【コラム】ロベルタ・マルチネリから学んだこと(20)奥原マリオ純
1980年代、私は両親の聴いていた音楽とともに育ちました。毎週、番組「イマージェンス・ド・ジャポン(Imagens do Japão)」を通してNHKに出演する日本の歌手たちを見ており、年末には恒例の「紅白歌合戦」を家族で楽しみにしていました。家の中では一日中、演歌や歌謡曲が流れていたものです。美空ひばり、千昌夫、村田英雄、八代亜紀、森昌子、堀ちえみ・・・。ポップスが流れることはほとんどありませんでした。
思春期になると、私はアメリカやイギリスのロックに夢中になりました。いとこのヨシアキが持っていたレコードの影響で、レジオン・ウルバナ、ウルトラージェ、パララマス・ド・スセッソなどブラジルのロックも聴くようになりました。
1991年、学校の友人たちと昼休みにMASP前でカシア・エレルとエジ・モッタのライブを観たことは、今でも鮮明に覚えています。食事よりも音楽を選んだ若き日の思い出です。
結婚してから、私は改めてブラジル音楽の豊かさに魅了されました。
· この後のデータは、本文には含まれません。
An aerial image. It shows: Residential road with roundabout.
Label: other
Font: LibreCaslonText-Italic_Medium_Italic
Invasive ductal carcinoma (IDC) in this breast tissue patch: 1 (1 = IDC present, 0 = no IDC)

妻の影響もあり、音楽ジャーナリストのリカルド・アレシャンドレ著『ブラジル音楽史上の名盤500選』を通して新たな視点を得ました。そして、もう一人の大きな影響が、ジャーナリストでラジオ司会者のロベルタ・マルチネリです。
サンパウロ出身のマルチネリは、現代ブラジル文化を語るうえで欠かせない存在です。2009年から続くクルトゥーラTV局の番組「Cultura Livre(クルトゥーラ・リーブル)」では、新しい音楽家たちの発表の場を作り出してきました。
クラシック音楽のコンクール番組「Prelúdio(プレルーディオ)」の司会も務めています。ラジオ・エルドラードでは「Som a Pino(ソン・ア・ピーノ)」を担当し、新しいMPB(ブラジル音楽)シーンを紹介しています。
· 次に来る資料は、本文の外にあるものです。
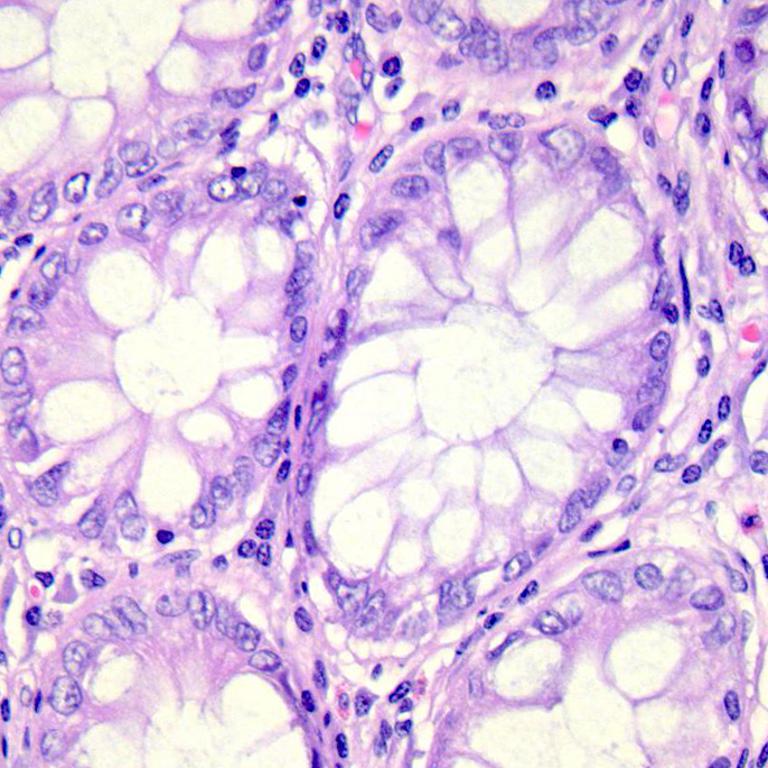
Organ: colon
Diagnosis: benign
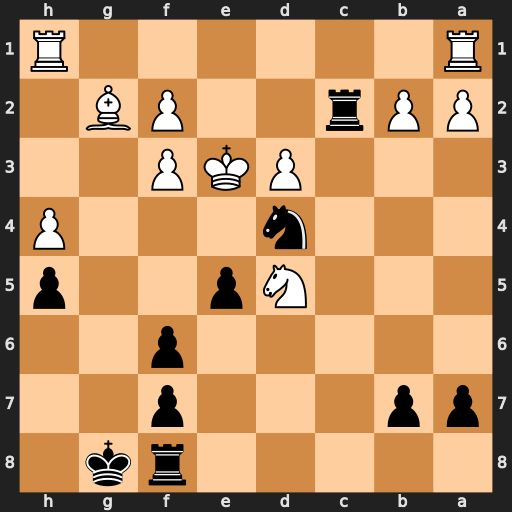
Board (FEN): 5rk1/pp3p2/5p2/3Np2p/3n3P/3PKP2/PPr2PB1/R6R
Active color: b
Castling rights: -
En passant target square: -
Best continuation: Re2#

2023年からは、東京の人気ラジオ局J-WAVE FMでも彼女の選曲が放送されています。「Sounds and Cities – Jam the Planet」では、サンバやボサノヴァにとどまらない多彩なブラジル音楽を日本のリスナーに届けています。これまでに40回以上の放送を重ね、その中には新進アーティストから名だたるスターまで登場しています。
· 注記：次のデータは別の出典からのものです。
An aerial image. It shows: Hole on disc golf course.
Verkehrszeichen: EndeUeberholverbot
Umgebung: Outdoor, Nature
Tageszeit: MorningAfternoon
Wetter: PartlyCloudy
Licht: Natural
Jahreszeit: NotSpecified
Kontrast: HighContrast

「ブラジルは広すぎて、地方のバンドが全国を巡るのは本当に難しい。でも『Cultura Livre』はその交流の場をつくってくれる」とマルチネリは語ります。彼女の活動は、若い音楽家たちに光を当てる大切な役割を果たしています。
ブラジルと日本の国交樹立130周年を迎えた今年、ロベルタ・マルチネリの存在は、両国の文化の懸け橋として、音楽という共通の言葉で人々をつなぎ続けています。